女的挣开他的手,倒到了床上。手脚都发冷,不住地沁着汗,象刚在水里泡过的。全身的皮紧紧地绷着,胸脯在吃力地一高一低,一高一低。

他眼睛盯着她,轻轻地皱着眉。

枕头边那个火车表在的达的达的达地响,象在给她急促的呼吸打拍子。弄堂里传着小贩的叫声——闷闷的:

“檀香橄——榄,卖橄——榄。”

这叫声似乎刺了她一下,她坐了起来。

“算是什么,算是什么,这种生活!”她声音颤着,“老潘他们受了那么些苦,末了死得那么……那么……现在……现在……这就是人生,人生……为什么不好好活着,为什么不……”

“好好活着?——活得了么?只是因为活不了——所以……所以……”

他坐到床上,紧紧地闭着嘴,眼睛对着地下。他听得见桑华的心在跳,感得到她在发抖。忽然床轻轻一震:她的脑袋倒在他肩上。

“我常常想……”她似乎在拼命镇静着自己,声调就很不自然。“我想……我想……呃,人活着有限的几十年,怎么要这么去讨苦,这么……”

“你的那种……”

“嗯,你听我说,”她很快地打断他。“怎么要这么苦呢,一个人,我常常想着——想着——想着自由……快乐……光明……公园里换换空气,……现在这日子,现在这……我们现在连呼吸空气都……好象是偷着别人的空气来呼吸似的,连阳光也是偷偷摸摸用的,阳光也……”

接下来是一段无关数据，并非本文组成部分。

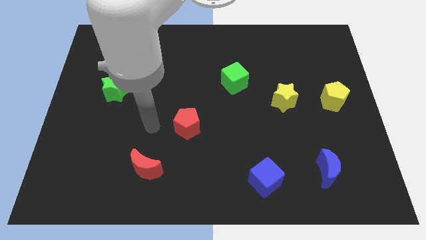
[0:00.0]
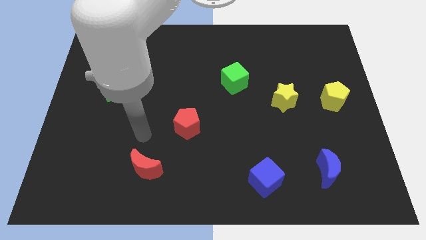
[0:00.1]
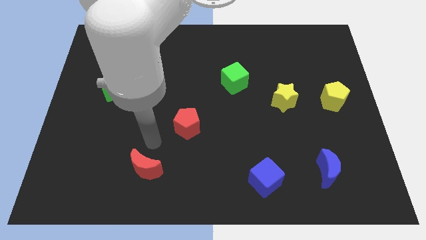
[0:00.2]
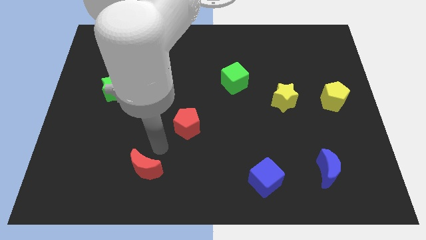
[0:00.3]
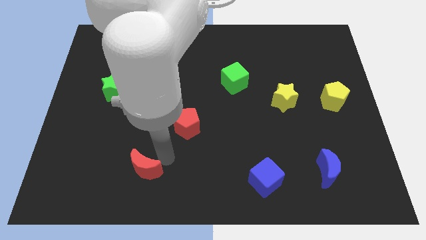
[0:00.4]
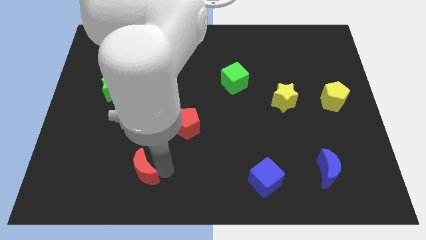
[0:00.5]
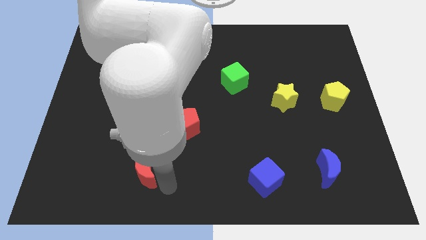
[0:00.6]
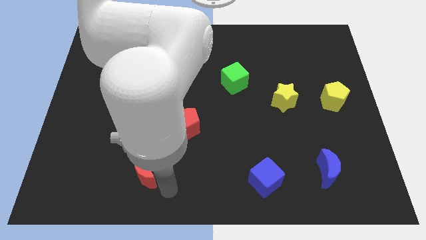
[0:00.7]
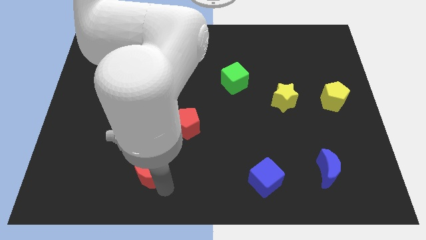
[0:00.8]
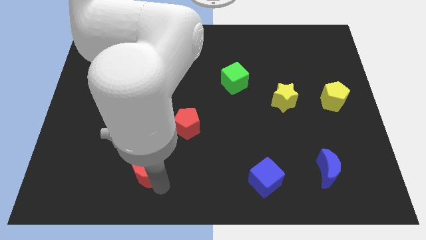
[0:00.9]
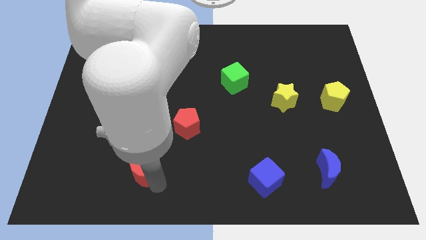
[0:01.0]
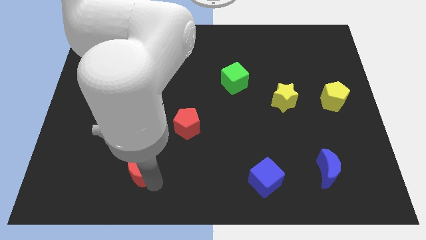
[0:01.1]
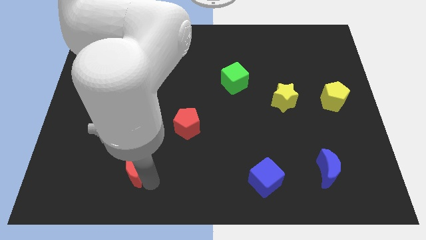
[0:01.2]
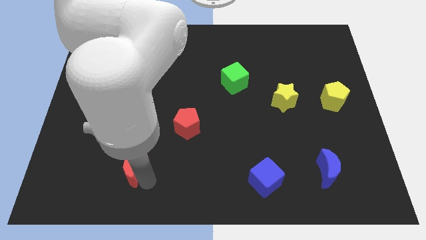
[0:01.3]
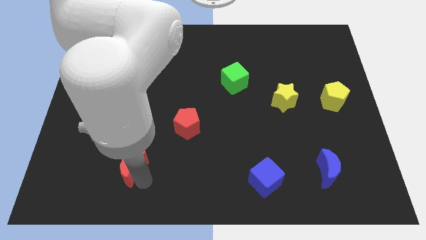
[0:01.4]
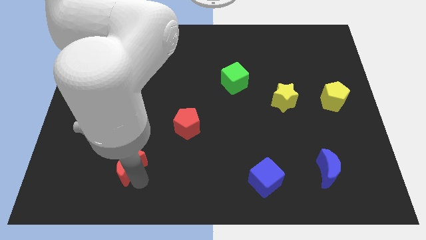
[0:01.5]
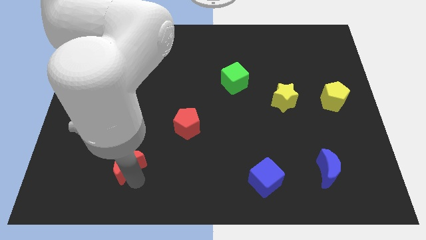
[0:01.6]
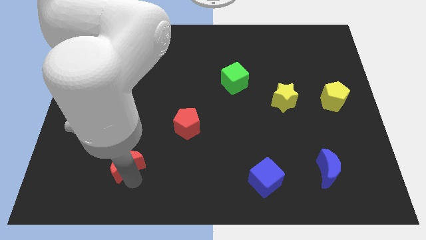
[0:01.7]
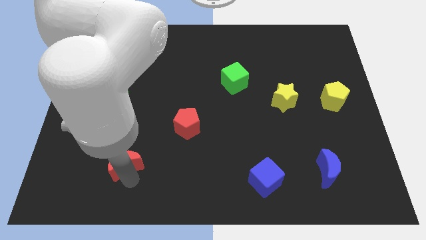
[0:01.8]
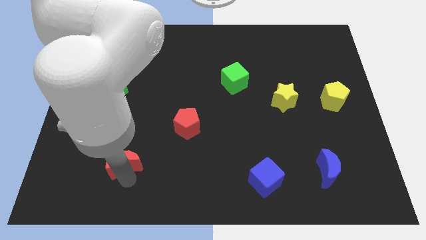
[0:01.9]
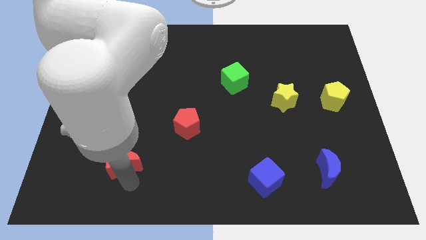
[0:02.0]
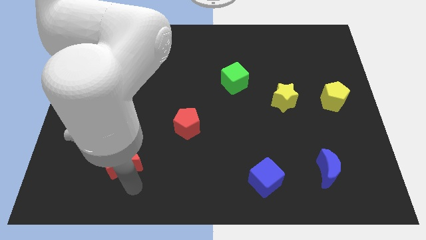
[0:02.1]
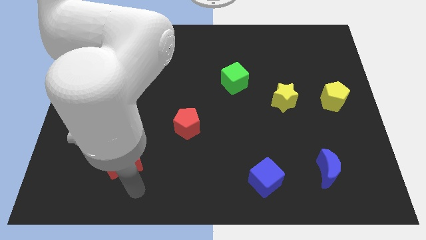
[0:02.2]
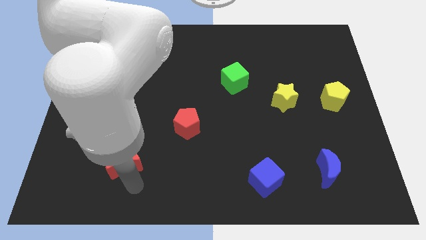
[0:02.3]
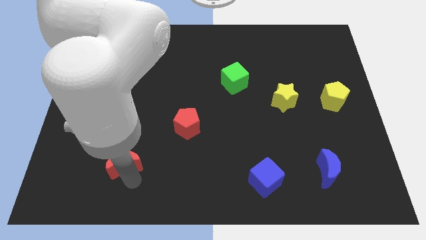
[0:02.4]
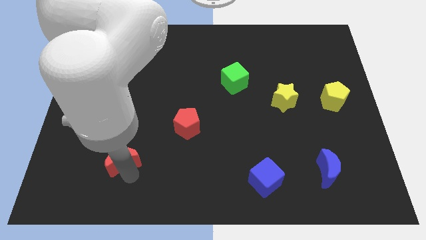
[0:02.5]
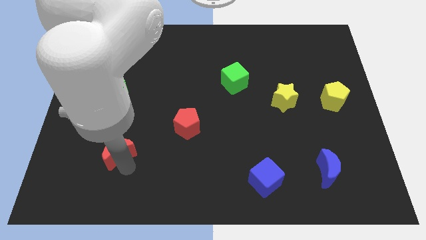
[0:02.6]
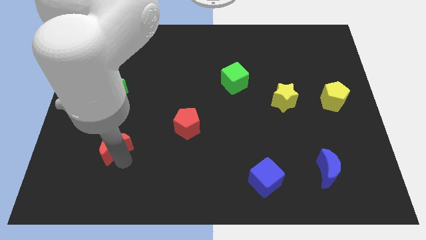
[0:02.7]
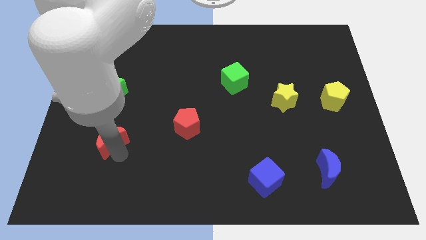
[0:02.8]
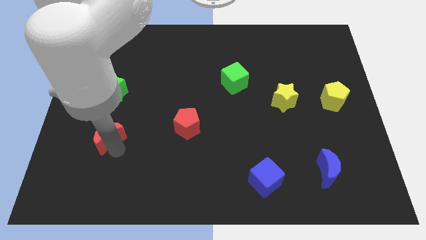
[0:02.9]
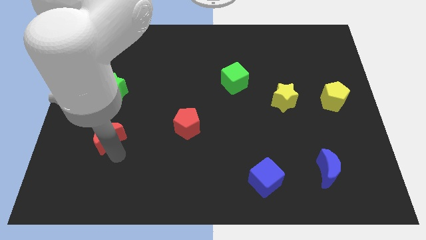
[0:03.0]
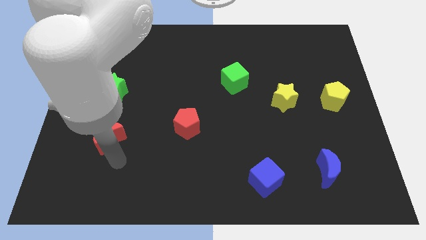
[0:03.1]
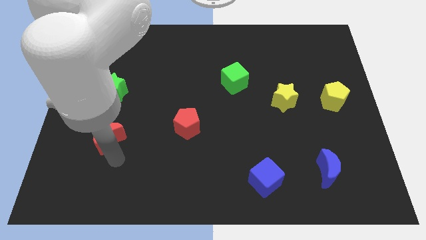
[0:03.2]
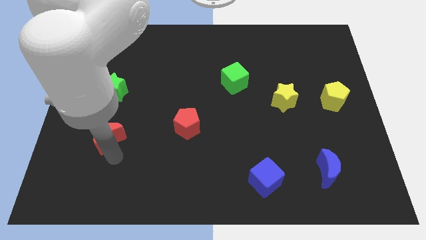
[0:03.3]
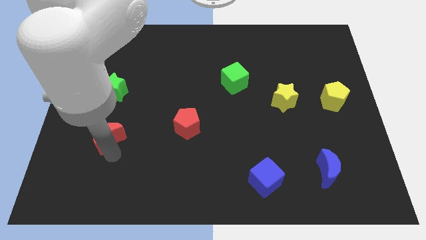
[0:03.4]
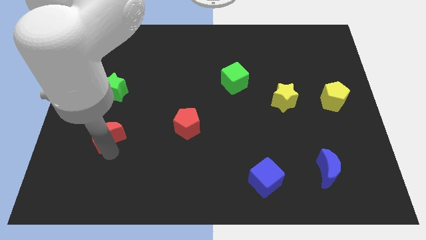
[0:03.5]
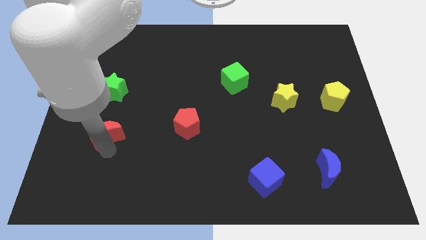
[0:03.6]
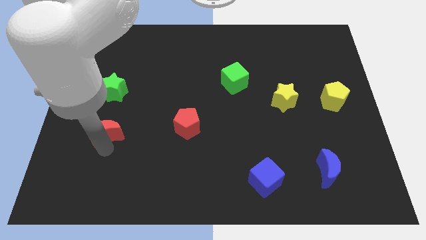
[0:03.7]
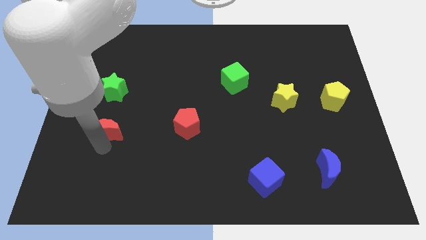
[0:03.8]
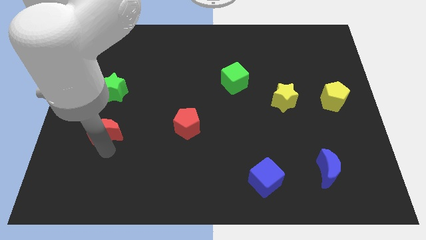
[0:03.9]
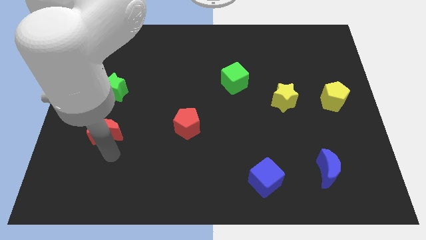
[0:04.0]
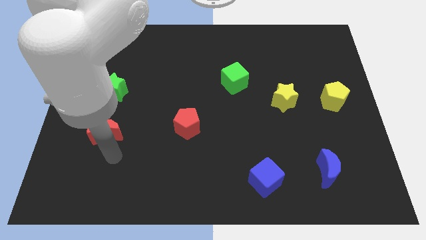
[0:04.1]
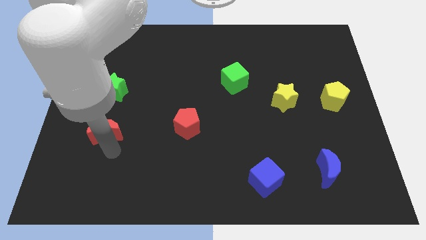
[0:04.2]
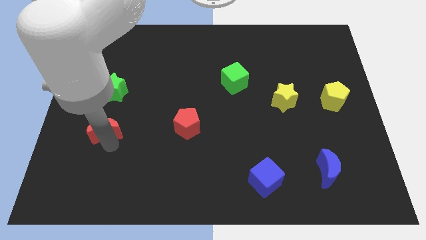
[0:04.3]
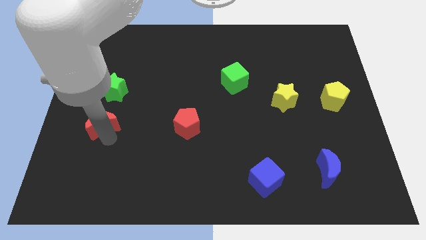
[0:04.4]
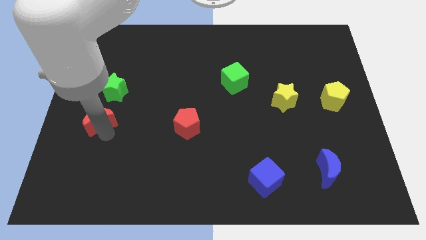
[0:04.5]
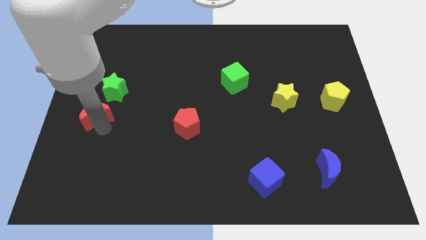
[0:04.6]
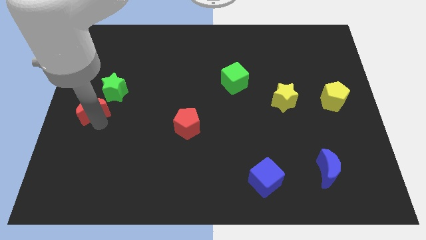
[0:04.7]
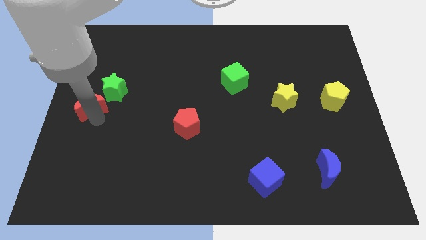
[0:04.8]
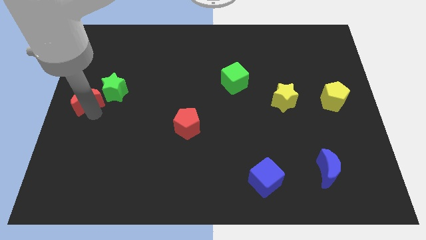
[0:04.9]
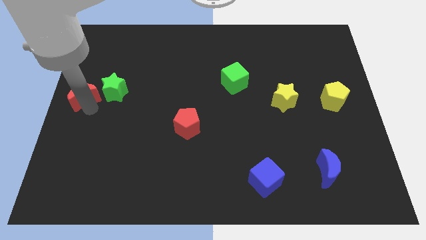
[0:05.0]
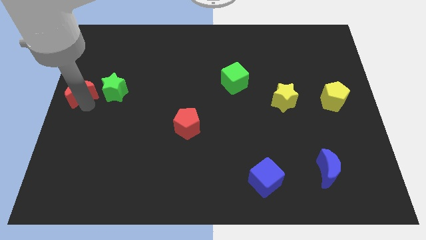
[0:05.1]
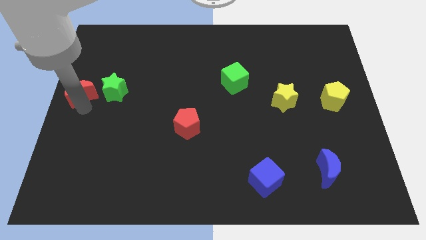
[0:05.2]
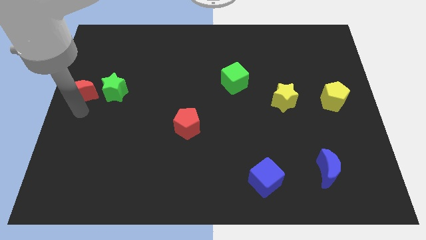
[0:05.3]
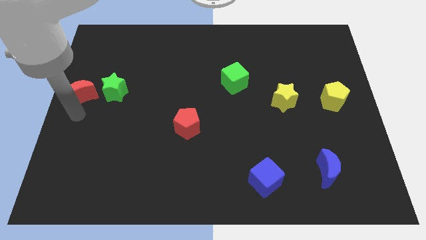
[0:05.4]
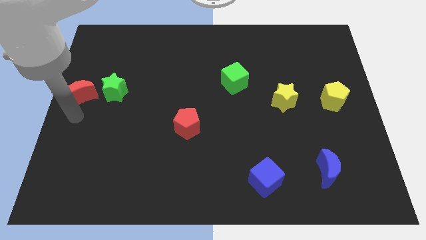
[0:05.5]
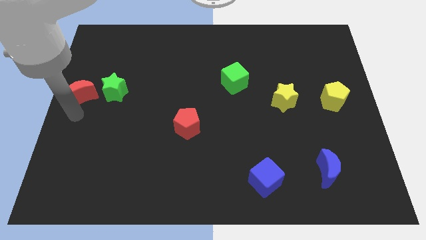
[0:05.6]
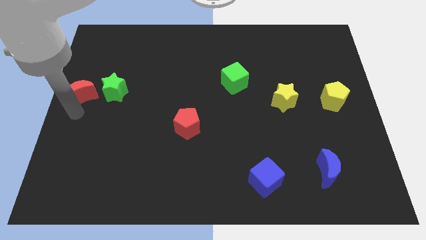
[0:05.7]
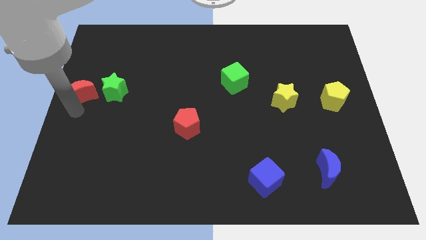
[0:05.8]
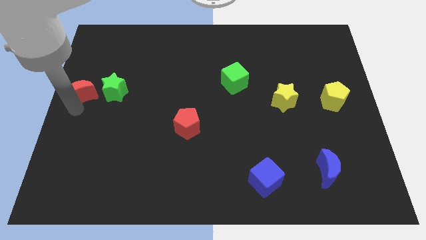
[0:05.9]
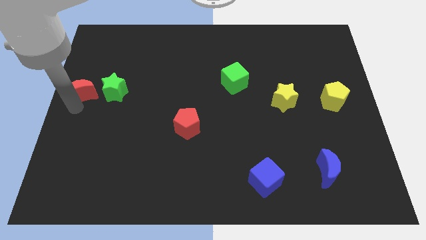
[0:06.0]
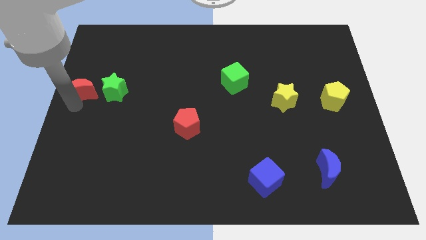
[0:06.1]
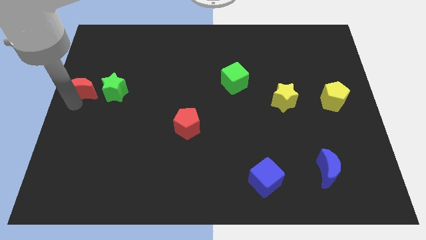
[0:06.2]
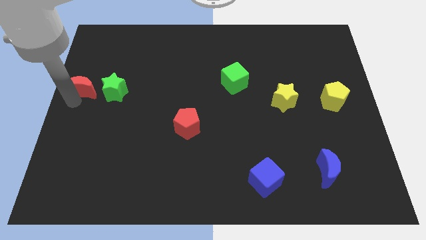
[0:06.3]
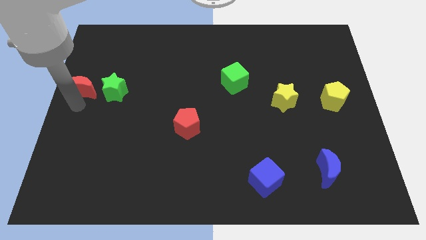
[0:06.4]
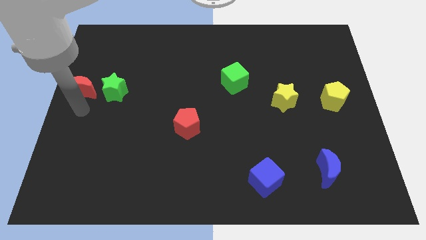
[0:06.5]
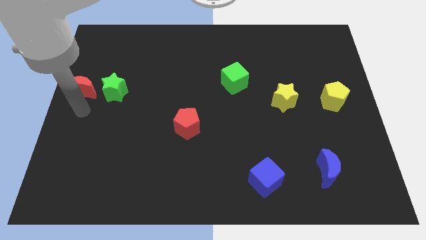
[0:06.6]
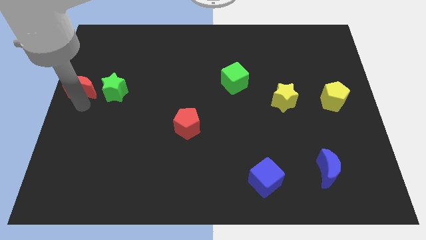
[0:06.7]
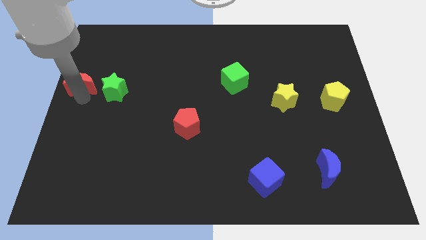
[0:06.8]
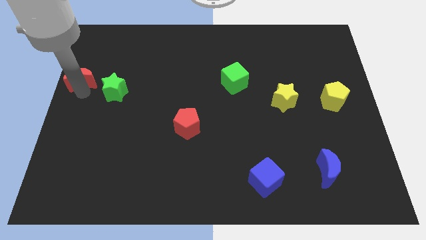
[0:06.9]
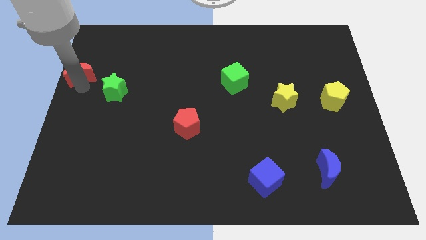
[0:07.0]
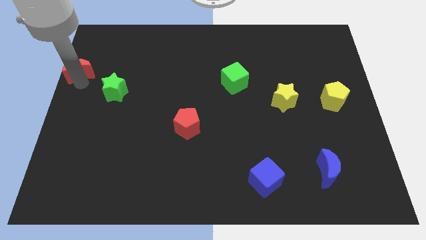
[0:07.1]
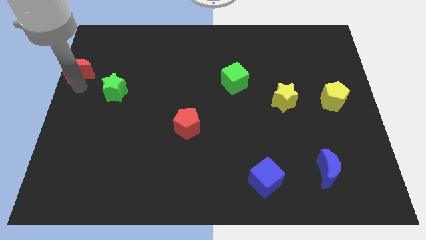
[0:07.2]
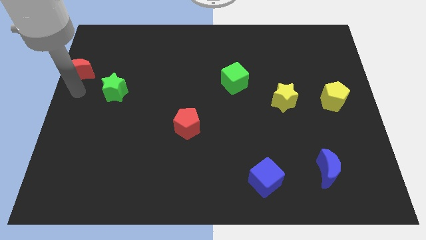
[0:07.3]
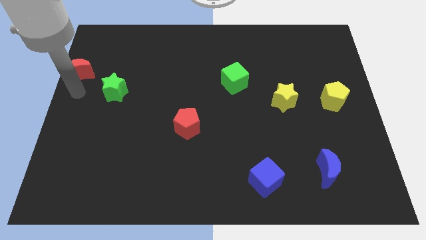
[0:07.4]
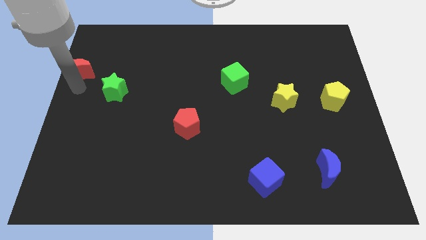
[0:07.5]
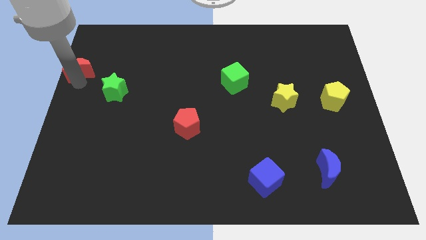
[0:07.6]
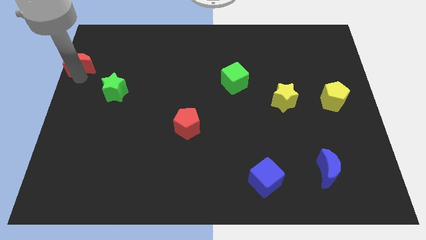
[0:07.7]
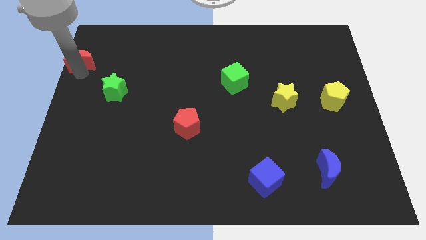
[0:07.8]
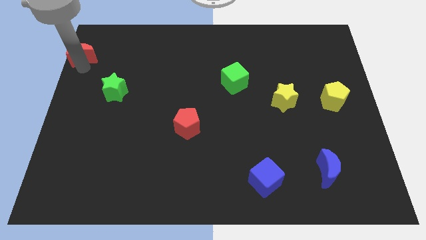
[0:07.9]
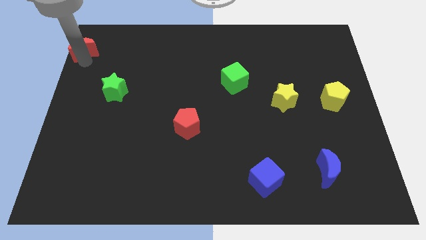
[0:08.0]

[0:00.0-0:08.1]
move the red moon to the top left

一直等到她完全闭了嘴,连文侃才开口。他苦笑了一下,就把常对她说的话说起来:

“要自由自在地活着就得……你自己也常说的,怎么你……”

桑华把脑袋抬起来,她的嘴离他的腮巴子只有寸把远。

“我们这辈子能够自由自在地活着么?”

“我们这代要是不能够,我们的下代总……”

沉默。

女的嘘了口气。

男的拍拍她的背:

“你今天受的刺激太深了,你安静下来,把自己分析一下看。……明天上午我来跟你详细谈一谈。”

“你别走。”

“小胡那里……”

一提到小胡,她就象给打了一拳似的。

“别走别走!我怕!”

连文侃踱到了床边,象个母亲那么跟她说着好话,叫她静静休息一会儿。

“睡罢,好不好。”

他扶着她躺下去。她融化了似地瘫在床上。深深叹一口气,温柔地瞧了他一会:

“好,你去罢。”

可是又——

“文侃!”她两只手抓着他的。“嗯,我刚才简直疯了,真是所谓……下次你要毫不客气地说我骂我。……”

瞧着连文侃给她关了灯,带上房门,听着他下楼,出了后门——訇的一声响,就只有隐隐约约的步声:渐渐隐约到没有。

桑华怎么也睡不着:她老瞧见小胡嘴里喷出来的血。她全身的肌肉都缩了起来。她不敢闭着眼。可是一张开:黑的。只有打窗子外射进了一块方斜的光,不知道是月亮还是路灯。

她跳起来开了灯。开关那么一响,她自己可吓了一大跳。

“谁?”——嘴唇哆索着。

四面的墙仿佛在一步一步逼紧她,外面一些穿黑长衫的大汉子在等着她。……

“我受不了,我受不了,”她又往床上一倒。“何苦呢,一辈子只有几十年,那理想的日子自己看不到,只是……这理想——这果真会实现么?”

她手放到额头上:额头发烫。她爬起来看看镜子:脸上没涂上红的,就显得发青;腮巴子有点陷了进去,说不定她已经有了肺俩。……

这晚她做了许多乱七八糟的梦:一会儿瞧见小胡在吐血,一会儿又觉得自己在李思义家里,一会儿又发现后面有个黑影子在钉她的梢。

第二天她没等到连文侃来找她,她写个条子,找到一个女工叫送给连文侃:她要休息一个月,叫他向他们提出。她不管三七二十一地提个小皮箱就到姨母家里去。于是什么可怕的事也没有,只是瞧瞧宝真那又矮又胖的身子,想到自己比宝真漂亮可爱得多。